Copilot commented on code in PR #3099:
URL: https://github.com/apache/brpc/pull/3099#discussion_r2365558098
##########
test/brpc_protobuf_json_unittest.cpp:
##########
@@ -497,6 +499,149 @@ TEST_F(ProtobufJsonTest, json_to_pb_expected_failed_case)
{
ASSERT_STREQ("Invalid value `23' for optional field `Content.uid' which
SHOULD be string, Missing required field: Ext.databyte", error.data());
}
+TEST_F(ProtobufJsonTest, json_to_pb_unbounded_recursion) {
+ test::RecursiveMessage msg;
+
+ // Generate a deeply nested JSON string to trigger unbounded recursion.

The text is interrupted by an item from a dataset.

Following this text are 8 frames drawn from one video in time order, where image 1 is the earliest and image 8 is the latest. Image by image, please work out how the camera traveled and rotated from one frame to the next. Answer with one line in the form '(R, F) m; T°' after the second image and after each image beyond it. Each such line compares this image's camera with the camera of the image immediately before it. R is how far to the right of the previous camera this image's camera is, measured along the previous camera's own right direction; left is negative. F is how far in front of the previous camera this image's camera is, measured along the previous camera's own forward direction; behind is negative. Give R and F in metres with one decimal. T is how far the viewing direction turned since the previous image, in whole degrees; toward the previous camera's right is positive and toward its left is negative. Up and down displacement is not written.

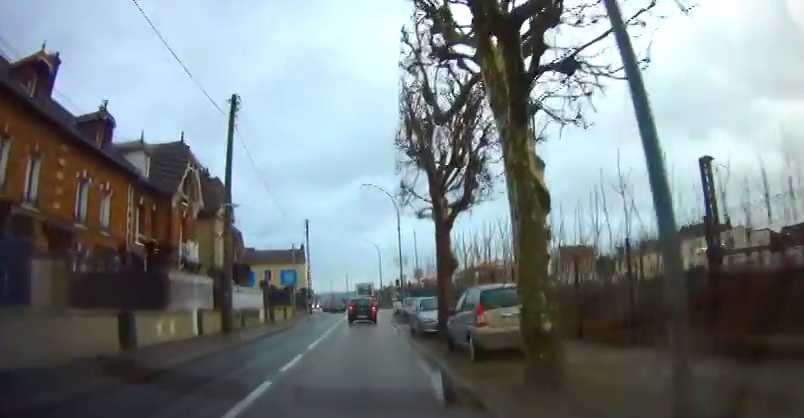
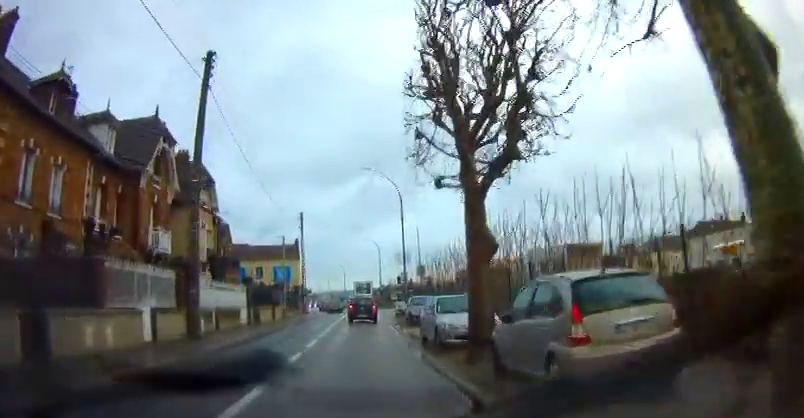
(-0.1, +4.5) m; 0°
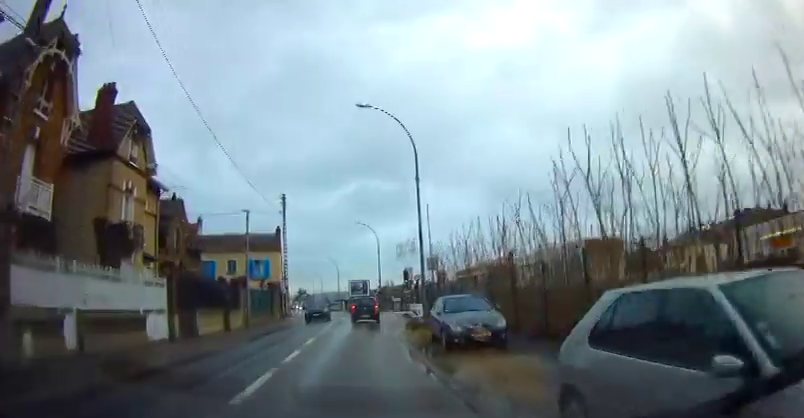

+ const int recursion_depth = 140000;
Review Comment:
The magic number 140000 should be defined as a constant with a meaningful
name explaining why this specific depth was chosen for the test.
```suggestion
// Chosen to reliably exceed the maximum recursion depth in json2pb and
trigger error handling.
constexpr int kUnboundedRecursionTestDepth = 140000;
const int recursion_depth = kUnboundedRecursionTestDepth;
```
##########
src/json2pb/json_to_pb.cpp:
##########
@@ -526,7 +536,12 @@ bool JsonValueToProtoMessage(const
BUTIL_RAPIDJSON_NAMESPACE::Value& json_value,
google::protobuf::Message* message,
const Json2PbOptions& options,
std::string* err,
+ int depth,
bool root_val) {
+ if (depth > FLAGS_json2pb_max_recursion_depth) {
Review Comment:
The depth check should use '>=' to be consistent with the pb_to_json.cpp
implementation and to ensure the limit is enforced at exactly the configured
depth.
```suggestion
if (depth >= FLAGS_json2pb_max_recursion_depth) {
```
##########
test/brpc_protobuf_json_unittest.cpp:
##########
@@ -497,6 +499,149 @@ TEST_F(ProtobufJsonTest, json_to_pb_expected_failed_case)
{
ASSERT_STREQ("Invalid value `23' for optional field `Content.uid' which
SHOULD be string, Missing required field: Ext.databyte", error.data());
}
+TEST_F(ProtobufJsonTest, json_to_pb_unbounded_recursion) {
+ test::RecursiveMessage msg;
+
+ // Generate a deeply nested JSON string to trigger unbounded recursion.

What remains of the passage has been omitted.